TAYLORS — Their stomachs were growling, but that didn’t distract them from the message.
“This is our way of doing our part to help people who are in need,” said Patrick Haller, speaking for around 70 fellow high school students who were in the final two of hours of their 24-hour food fast at Prince of Peace Church.
The students raised around $2,000, with a $2,000 match from Prince of Peace, for Catholic Relief Services, a worldwide organization that assists the world’s poor and disadvantaged.
The teens collected money by getting members of their parishes and others to sponsor them during the food fast.
Teens from the Piedmont Deanery have been holding the annual fast for the past six years; the first two were a parish-sponsored event at
St. Mary Magdalene in Simpsonville, and the last four were deanerywide.
This year there were teens from the Greenville County parishes of Prince of Peace, St. Mary Magdalene, St. Elizabeth Ann Seton, St. Mary, St. Anthony and Our Lady of the Rosary; from St. Andrew in Clemson, St. Paul the Apostle in Seneca, and St. Francis in Walhalla.
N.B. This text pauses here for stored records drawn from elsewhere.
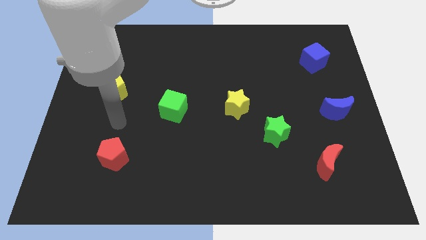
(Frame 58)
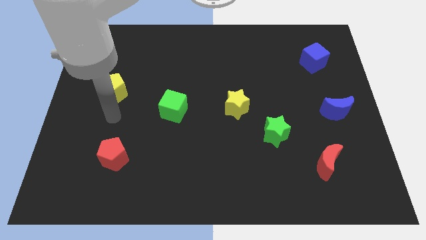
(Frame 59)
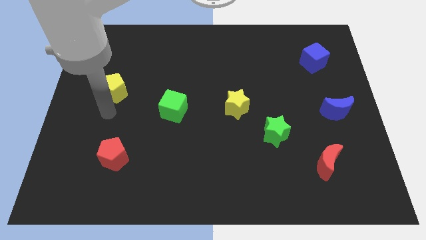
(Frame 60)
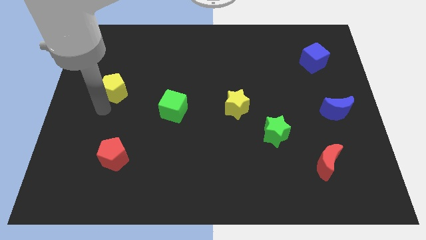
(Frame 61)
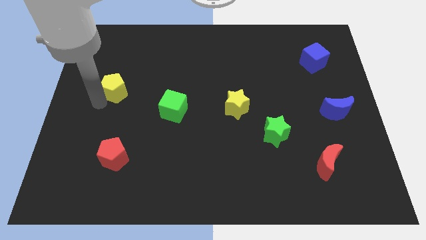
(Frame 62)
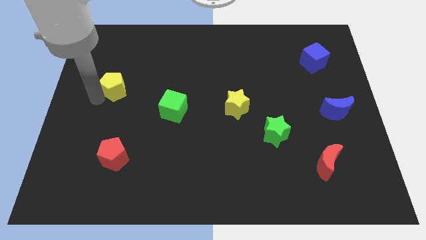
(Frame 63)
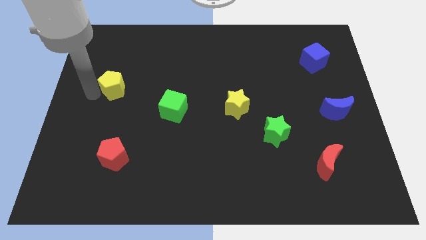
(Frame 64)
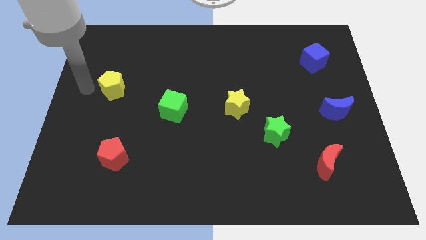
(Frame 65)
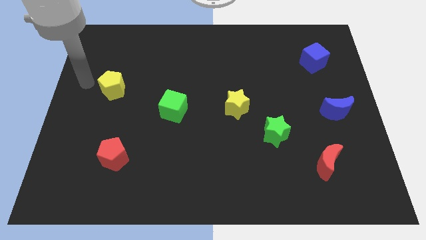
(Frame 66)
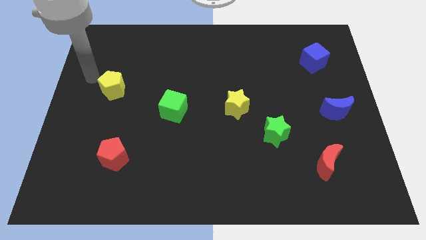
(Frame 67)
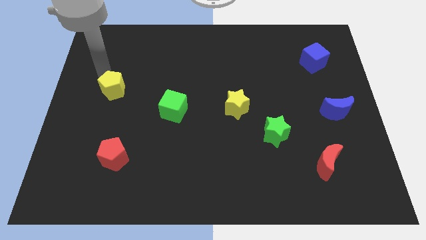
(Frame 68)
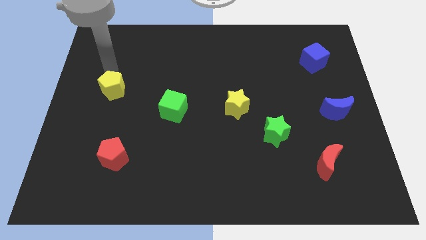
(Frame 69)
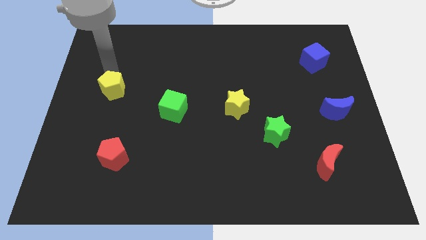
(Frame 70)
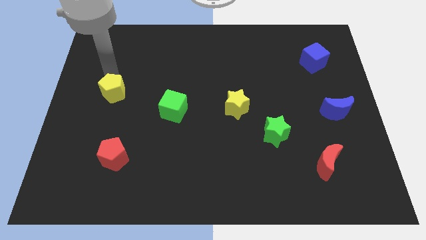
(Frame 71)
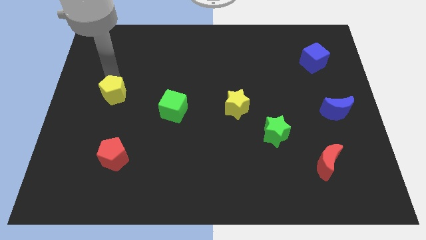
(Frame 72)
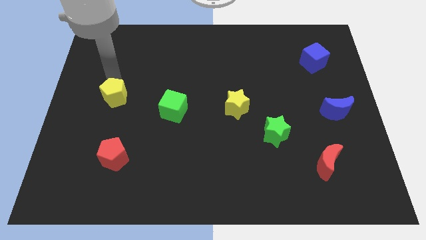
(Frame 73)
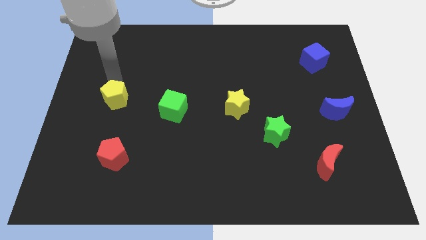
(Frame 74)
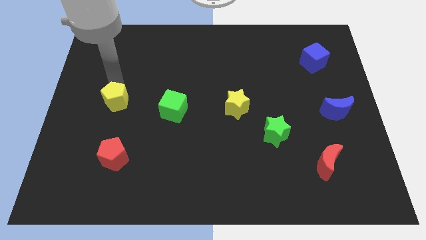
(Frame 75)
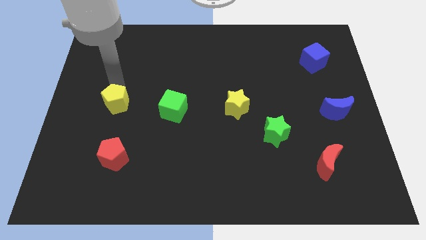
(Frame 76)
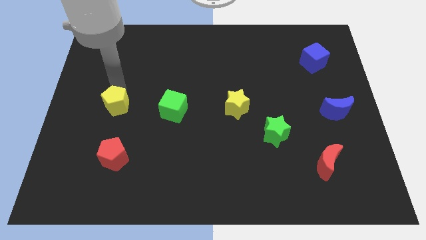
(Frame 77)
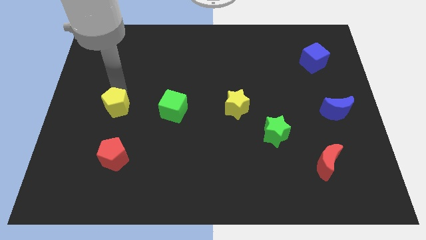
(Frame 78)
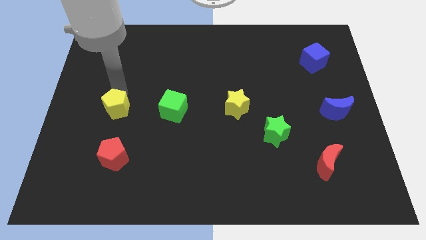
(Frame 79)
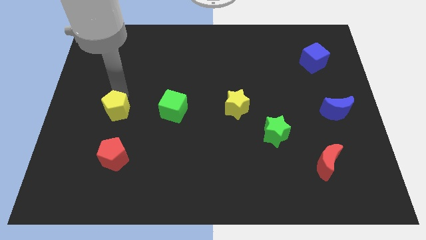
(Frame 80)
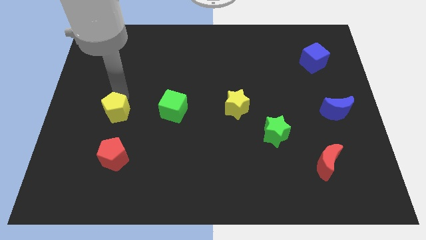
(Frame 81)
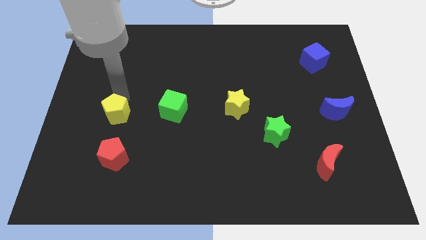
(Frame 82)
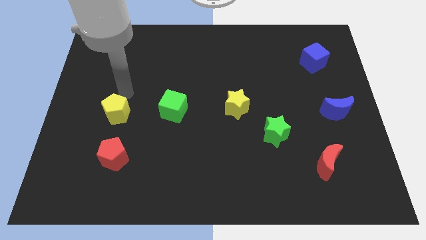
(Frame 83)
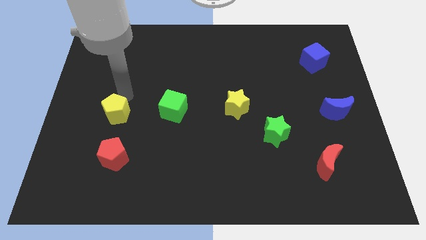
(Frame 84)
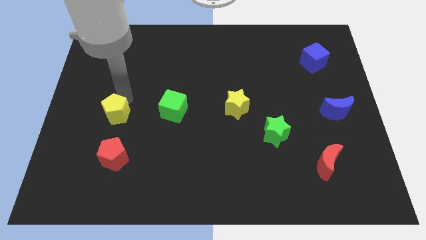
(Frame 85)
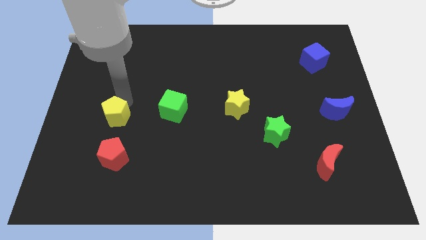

Erin Cencula, youth minister at Prince of Peace, said students began fasting on their own about 90 minutes before they gathered at the church. They celebrated the end of the fast with a Eucharistic liturgy and a pot-luck supper with their families.
During the 24-hour fast, the students watched and discussed a video supplied by CRS on HIV/AIDS awareness. It included stories of people living with the disease in Zimbabwe and Uganda and the stigma and discrimination they and others face.
The discussion was followed by a benediction, reconciliation and an all-night prayer vigil, where the teens paired off for half-hour prayer sessions from midnight until 8 a.m. the next morning.
“I think a lot of people found that to be very powerful,” Brittany Cencula, 17, said. “It was exciting to see that all play out.”
Kelly McCorkle, the reigning Miss South Carolina and a Greenville native, spoke to the teens on Special Olympics, an international organization that works to empower individuals with mental retardation through sports training and competition.
The teens also performed short skits on Catholic social teaching.
CRS, which also sponsors the annual Operation Rice Bowl during Lent, was founded in 1943 by the U.S. Catholic Bishops to assist the poor and disadvantaged outside this country.
It works to educate Americans to fulfill their moral responsibilities toward people around the world by helping the poor, working to remove the causes of poverty and promoting social justice.
The organization is currently assisting victims of the recent earthquake in Mexico.